1979年時点で私はこの小説の存在を知っていた。何故かというとこの作品がその年の芥川賞の候補になり、文藝春秋に掲載された当時の審査員の選評の一つがとても気になったからである。その選評によりわたしはこの小説は特に読まなくてもいいだろうと考えたといえる。結局村上氏は賞に漏れ、青野聰氏と重兼芳子氏が芥川賞を受賞した。

もちろん私がこの小説を読まなかった理由はそれだけではなく、当時ビジネススクールにいて勉強に忙しかったし、会社にも顔を出したり、妻や3歳の息子とも時間を過ごしたり、いずれにしろ他にやることが多かったのである。しかし元来本をよく読む私がこの本を手にしなかった、そしてその後も村上春樹にはなんとなく馴染めないといった感覚を持ったのは、明らかにその時の芥川賞の選考委員のコメントが原因といえた。

わたしが村上春樹の小説を初めて読んだのはそれから8-9年した後で’ノルウェイの森’だった。その出来栄えに感服した私は、熱心な読者とはいえないもののその後の村上氏の主要な作品は読むようになった。



今回のテーマは今や世界的大作家となった村上春樹がデビュー時点で誰によってどんな評価がされたかを紹介し、ポテンシャルの高い作家を早い時点で見出し評価する難しさを、芥川賞という社会的注目度の高いイベントとの関わりで論じてみたい。

私は今まで、上述した’風の歌を聴け’への選評は遠藤周作が書いたものだと思っていた。ところが今回調べてそれが大きな記憶違いだとわかった。私の記憶に残っている評はおおよそ次のようなものである。
アメリカの現代小説を模倣したような作品もあったが、わたしはこうしたものに価値を認めない’ 30年も前のことだから記憶が不確かになるのはやむ負えないが、その文章から滲み出る評者の不快感は今も鮮明に残っている。
選評というのは作家名と作品名を明示して評者の意見や感想を述べるのが普通だが、わたしの記憶にあるこの文章は、そうした言及が全くなく他の作家、作品への評の後に付け加えるように書かれていた。明らかに村上春樹とその作品を指しているにもかかわらず、作品名も書かずそうしたコメントを付けたのは悪意に満ちているように感じた。

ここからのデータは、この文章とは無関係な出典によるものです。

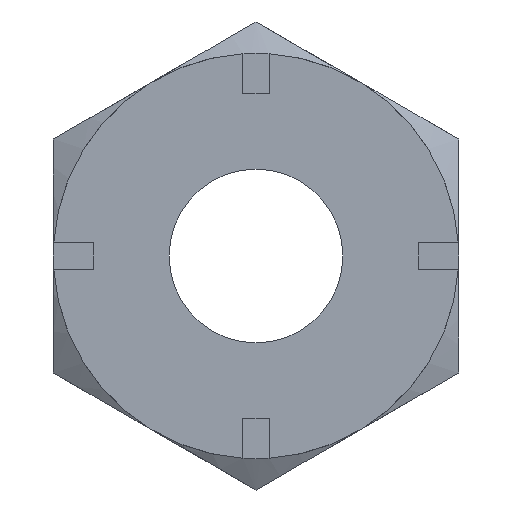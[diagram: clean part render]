
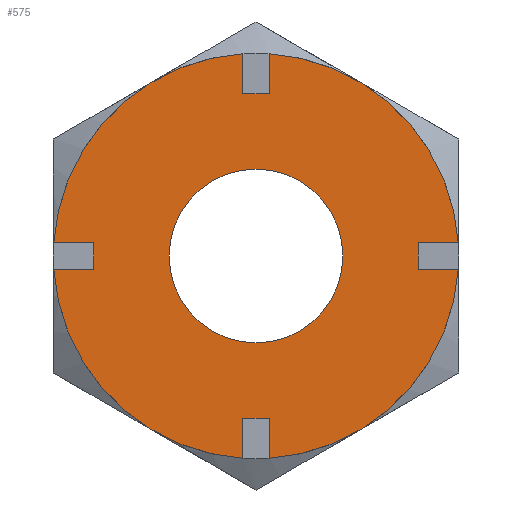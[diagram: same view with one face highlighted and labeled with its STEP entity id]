
A CAD part, left-side view. The second image highlights one B-rep face of the part: STEP entity #575.
In plain terms, the highlighted planar face has unit normal (-1, 0, 0).
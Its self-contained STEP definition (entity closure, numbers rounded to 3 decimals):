
#233=EDGE_CURVE('',#541,#415,#656,.T.);
#239=EDGE_CURVE('',#577,#387,#662,.T.);
#245=EDGE_CURVE('',#335,#543,#669,.T.);
#249=EDGE_CURVE('',#487,#309,#673,.T.);
#257=EDGE_CURVE('',#407,#453,#682,.T.);
#259=EDGE_CURVE('',#329,#291,#684,.T.);
#287=EDGE_CURVE('',#291,#309,#717,.T.);
#291=VERTEX_POINT('',#721);
#309=VERTEX_POINT('',#741);
#319=EDGE_CURVE('',#407,#399,#751,.T.);
#329=VERTEX_POINT('',#761);
#333=EDGE_CURVE('',#335,#329,#765,.T.);
#335=VERTEX_POINT('',#767);
#343=EDGE_CURVE('',#415,#541,#777,.T.);
#345=EDGE_CURVE('',#399,#391,#779,.T.);
#355=EDGE_CURVE('',#391,#387,#789,.T.);
#387=VERTEX_POINT('',#827);
#391=VERTEX_POINT('',#831);
#399=VERTEX_POINT('',#840);
#407=VERTEX_POINT('',#849);
#415=VERTEX_POINT('',#859);
#417=EDGE_CURVE('',#481,#435,#861,.T.);
#433=EDGE_CURVE('',#435,#453,#877,.T.);
#435=VERTEX_POINT('',#879);
#443=EDGE_CURVE('',#487,#481,#887,.T.);
#453=VERTEX_POINT('',#898);
#481=VERTEX_POINT('',#929);
#487=VERTEX_POINT('',#935);
#489=EDGE_CURVE('',#561,#533,#937,.T.);
#505=EDGE_CURVE('',#533,#543,#954,.T.);
#533=VERTEX_POINT('',#987);
#541=VERTEX_POINT('',#996);
#543=VERTEX_POINT('',#998);
#553=EDGE_CURVE('',#577,#561,#1008,.T.);
#561=VERTEX_POINT('',#1016);
#575=ADVANCED_FACE('',(#1030,#1031),#1032,.T.);
#577=VERTEX_POINT('',#1034);
#656=CIRCLE('',#1113,3.0);
#662=CIRCLE('',#1121,7.0);
#669=CIRCLE('',#1131,7.0);
#673=CIRCLE('',#1136,7.0);
#682=CIRCLE('',#1166,7.0);
#684=LINE('',#1169,#1170);
#717=LINE('',#1240,#1241);
#721=CARTESIAN_POINT('',(-15.0,5.6,-0.45));
#741=CARTESIAN_POINT('',(-15.,6.986,-0.45));
#751=LINE('',#1313,#1314);
#761=CARTESIAN_POINT('',(-15.0,5.6,0.45));
#765=LINE('',#1344,#1345);
#767=CARTESIAN_POINT('',(-15.,6.986,0.45));
#777=CIRCLE('',#1368,3.0);
#779=LINE('',#1371,#1372);
#789=LINE('',#1386,#1387);
#827=CARTESIAN_POINT('',(-15.,-6.986,0.45));
#831=CARTESIAN_POINT('',(-15.0,-5.6,0.45));
#840=CARTESIAN_POINT('',(-15.0,-5.6,-0.45));
#849=CARTESIAN_POINT('',(-15.,-6.986,-0.45));
#859=CARTESIAN_POINT('',(-15.,-3.,0.));
#861=LINE('',#1492,#1493);
#877=LINE('',#1516,#1517);
#879=CARTESIAN_POINT('',(-15.0,-0.45,-5.6));
#887=LINE('',#1528,#1529);
#898=CARTESIAN_POINT('',(-15.,-0.45,-6.986));
#929=CARTESIAN_POINT('',(-15.0,0.45,-5.6));
#935=CARTESIAN_POINT('',(-15.,0.45,-6.986));
#937=LINE('',#1614,#1615);
#954=LINE('',#1665,#1666);
#987=CARTESIAN_POINT('',(-15.0,0.45,5.6));
#996=CARTESIAN_POINT('',(-15.,3.,0.));
#998=CARTESIAN_POINT('',(-15.,0.45,6.986));
#1008=LINE('',#1765,#1766);
#1016=CARTESIAN_POINT('',(-15.0,-0.45,5.6));
#1030=FACE_BOUND('',#1808,.T.);
#1031=FACE_OUTER_BOUND('',#1809,.T.);
#1032=PLANE('',#1810);
#1034=CARTESIAN_POINT('',(-15.,-0.45,6.986));
#1113=AXIS2_PLACEMENT_3D('',#1929,#1930,#1931);
#1121=AXIS2_PLACEMENT_3D('',#1935,#1936,#1937);
#1131=AXIS2_PLACEMENT_3D('',#1946,#1947,#1948);
#1136=AXIS2_PLACEMENT_3D('',#1949,#1950,#1951);
#1166=AXIS2_PLACEMENT_3D('',#1960,#1961,#1962);
#1169=CARTESIAN_POINT('',(-15.,5.6,-0.225));
#1170=VECTOR('',#1963,1.0);
#1240=CARTESIAN_POINT('',(-15.,6.,-0.45));
#1241=VECTOR('',#2009,1.0);
#1313=CARTESIAN_POINT('',(-15.,-0.3,-0.45));
#1314=VECTOR('',#2033,1.0);
#1344=CARTESIAN_POINT('',(-15.,5.3,0.45));
#1345=VECTOR('',#2039,1.0);
#1368=AXIS2_PLACEMENT_3D('',#2057,#2058,#2059);
#1371=CARTESIAN_POINT('',(-15.,-5.6,0.225));
#1372=VECTOR('',#2060,1.0);
#1386=CARTESIAN_POINT('',(-15.,-1.,0.45));
#1387=VECTOR('',#2065,1.0);
#1492=CARTESIAN_POINT('',(-15.,2.275,-5.6));
#1493=VECTOR('',#2163,1.0);
#1516=CARTESIAN_POINT('',(-15.,-0.45,-3.5));
#1517=VECTOR('',#2167,1.0);
#1528=CARTESIAN_POINT('',(-15.,0.45,-2.8));
#1529=VECTOR('',#2168,1.0);
#1614=CARTESIAN_POINT('',(-15.,2.725,5.6));
#1615=VECTOR('',#2214,1.0);
#1665=CARTESIAN_POINT('',(-15.,0.45,3.5));
#1666=VECTOR('',#2223,1.0);
#1765=CARTESIAN_POINT('',(-15.,-0.45,2.8));
#1766=VECTOR('',#2278,1.0);
#1808=EDGE_LOOP('',(#2290,#2291));
#1809=EDGE_LOOP('',(#2292,#2293,#2294,#2295,#2296,#2297,#2298,#2299,#2300,#2301,#2302,#2303,#2304,#2305,#2306,#2307));
#1810=AXIS2_PLACEMENT_3D('',#2308,#2309,#2310);
#1929=CARTESIAN_POINT('',(-15.,0.,0.));
#1930=DIRECTION('',(1.0,0.0,-0.0));
#1931=DIRECTION('',(0.0,1.0,0.));
#1935=CARTESIAN_POINT('',(-15.,0.,0.));
#1936=DIRECTION('',(1.0,0.0,-0.0));
#1937=DIRECTION('',(0.0,1.0,0.));
#1946=CARTESIAN_POINT('',(-15.,0.,0.));
#1947=DIRECTION('',(1.0,0.0,-0.0));
#1948=DIRECTION('',(0.0,1.0,0.));
#1949=CARTESIAN_POINT('',(-15.,0.,0.));
#1950=DIRECTION('',(1.0,0.0,-0.0));
#1951=DIRECTION('',(0.0,1.0,0.));
#1960=CARTESIAN_POINT('',(-15.,0.,0.));
#1961=DIRECTION('',(1.0,0.0,-0.0));
#1962=DIRECTION('',(0.0,1.0,0.));
#1963=DIRECTION('',(0.0,0.0,-1.0));
#2009=DIRECTION('',(0.0,1.0,0.0));
#2033=DIRECTION('',(0.0,1.0,0.0));
#2039=DIRECTION('',(0.0,-1.0,0.0));
#2057=CARTESIAN_POINT('',(-15.,0.,0.));
#2058=DIRECTION('',(1.0,0.0,-0.0));
#2059=DIRECTION('',(0.0,1.0,0.));
#2060=DIRECTION('',(0.0,0.0,1.0));
#2065=DIRECTION('',(0.0,-1.0,0.0));
#2163=DIRECTION('',(0.0,-1.0,0.0));
#2167=DIRECTION('',(0.0,0.0,-1.0));
#2168=DIRECTION('',(0.0,0.0,1.0));
#2214=DIRECTION('',(0.0,1.0,0.0));
#2223=DIRECTION('',(0.0,0.0,1.0));
#2278=DIRECTION('',(0.0,0.0,-1.0));
#2290=ORIENTED_EDGE('',*,*,#233,.T.);
#2291=ORIENTED_EDGE('',*,*,#343,.T.);
#2292=ORIENTED_EDGE('',*,*,#553,.T.);
#2293=ORIENTED_EDGE('',*,*,#489,.T.);
#2294=ORIENTED_EDGE('',*,*,#505,.T.);
#2295=ORIENTED_EDGE('',*,*,#245,.F.);
#2296=ORIENTED_EDGE('',*,*,#333,.T.);
#2297=ORIENTED_EDGE('',*,*,#259,.T.);
#2298=ORIENTED_EDGE('',*,*,#287,.T.);
#2299=ORIENTED_EDGE('',*,*,#249,.F.);
#2300=ORIENTED_EDGE('',*,*,#443,.T.);
#2301=ORIENTED_EDGE('',*,*,#417,.T.);
#2302=ORIENTED_EDGE('',*,*,#433,.T.);
#2303=ORIENTED_EDGE('',*,*,#257,.F.);
#2304=ORIENTED_EDGE('',*,*,#319,.T.);
#2305=ORIENTED_EDGE('',*,*,#345,.T.);
#2306=ORIENTED_EDGE('',*,*,#355,.T.);
#2307=ORIENTED_EDGE('',*,*,#239,.F.);
#2308=CARTESIAN_POINT('',(-15.,5.,0.));
#2309=DIRECTION('',(-1.0,0.0,0.0));
#2310=DIRECTION('',(0.0,-1.0,0.));
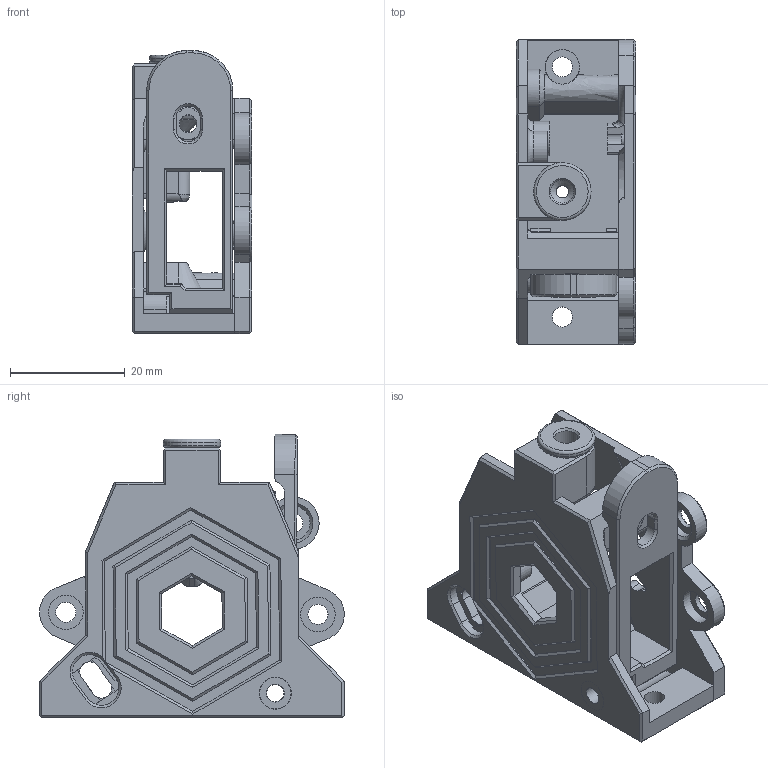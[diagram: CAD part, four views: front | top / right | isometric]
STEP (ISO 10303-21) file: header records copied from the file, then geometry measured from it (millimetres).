
FILE_DESCRIPTION(/* description */ (''),/* implementation_level */ '2;1');
FILE_NAME(/* name */ 'Roundtrip_LGX_v1.step',/* time_stamp */ '2023-03-13T18:07:38Z',/* author */ (''),/* organization */ (''),/* preprocessor_version */ 'ST-DEVELOPER v19.2',/* originating_system */ 'Autodesk Translation Framework v11.17.0.187',/* authorisation */ '');
FILE_SCHEMA (('AUTOMOTIVE_DESIGN { 1 0 10303 214 3 1 1 }'));
Length unit declared in the file: millimetre
Products named in the file (6): Roundtrip_LGX_Small_v1; Guidler; M3 Threaded Insert; Collet; Front (1); Back (1)
Assembly tree (7 placements, depth 2):
  Roundtrip_LGX_Small_v1
    Guidler
    M3 Threaded Insert  x3
    Collet
    Front (1)
    Back (1)
Bounding box: 20.86 x 53.03 x 49.25 mm (x, y, z)
Volume: 15850.9 mm3; surface area: 15021.6 mm2
Topology: 7 solids, 7 shells, 1136 faces, 3175 edges, 2075 vertices
Faces by surface type: bspline 455, plane 309, cylinder 309, cone 47, torus 16
Full cylindrical faces by diameter (mm): 2.15 x2, 3 x3, 3.2 x1, 3.5 x9, 4 x1, 4.2 x2, 4.3 x1, 4.7 x3, 5 x1, 5.05 x3, 5.16 x3, 5.56 x3, 6 x7, 6.2 x1, 6.5 x1, 8 x1, 10 x1
Entity records: 24822 total; most frequent: CARTESIAN_POINT 8108, ORIENTED_EDGE 3666, DIRECTION 3285, EDGE_CURVE 1833, VERTEX_POINT 1181, AXIS2_PLACEMENT_3D 1134, LINE 1017, VECTOR 1017

何故、遠藤周作が書いたと記憶違いをしたかはわからない。遠藤と共に第三の新人と言われた安岡章太郎吉行淳之介も審査員にいたので勝手にそう思い違いをしたのだろう。吉行や遠藤は私が好きな作家だったので、彼らの一人がそうした選評を書いたという思い込みが私に強いインパクトを与えたのは間違いない。


今回調べてみて当該の選評とは以下のようなものだったことが分かった。
’今日のアメリカ小説をたくみに模倣した作品もあったが、それが作者をかれ独自の創造に向けて訓練する、そのような方向付けにないのが、作者自身にも読み手にも無益な試みのように感じられた。’もったいぶった文章だが、村上春樹氏の作品にはという特定もない、まるで一般的な文学論ですまして十分だという傲慢さが感じられる。 
これを書いたのは大江健三郎である。大江健三郎については元々その体質に好きになれないものを感じていたが、ノーベル文学賞を受賞した時に三島由紀夫について語った内容や、今改めて村上春樹に対するこの選評とその書きように触れて、以前から感じていた大江氏が好きになれない理由が示されていると感じた。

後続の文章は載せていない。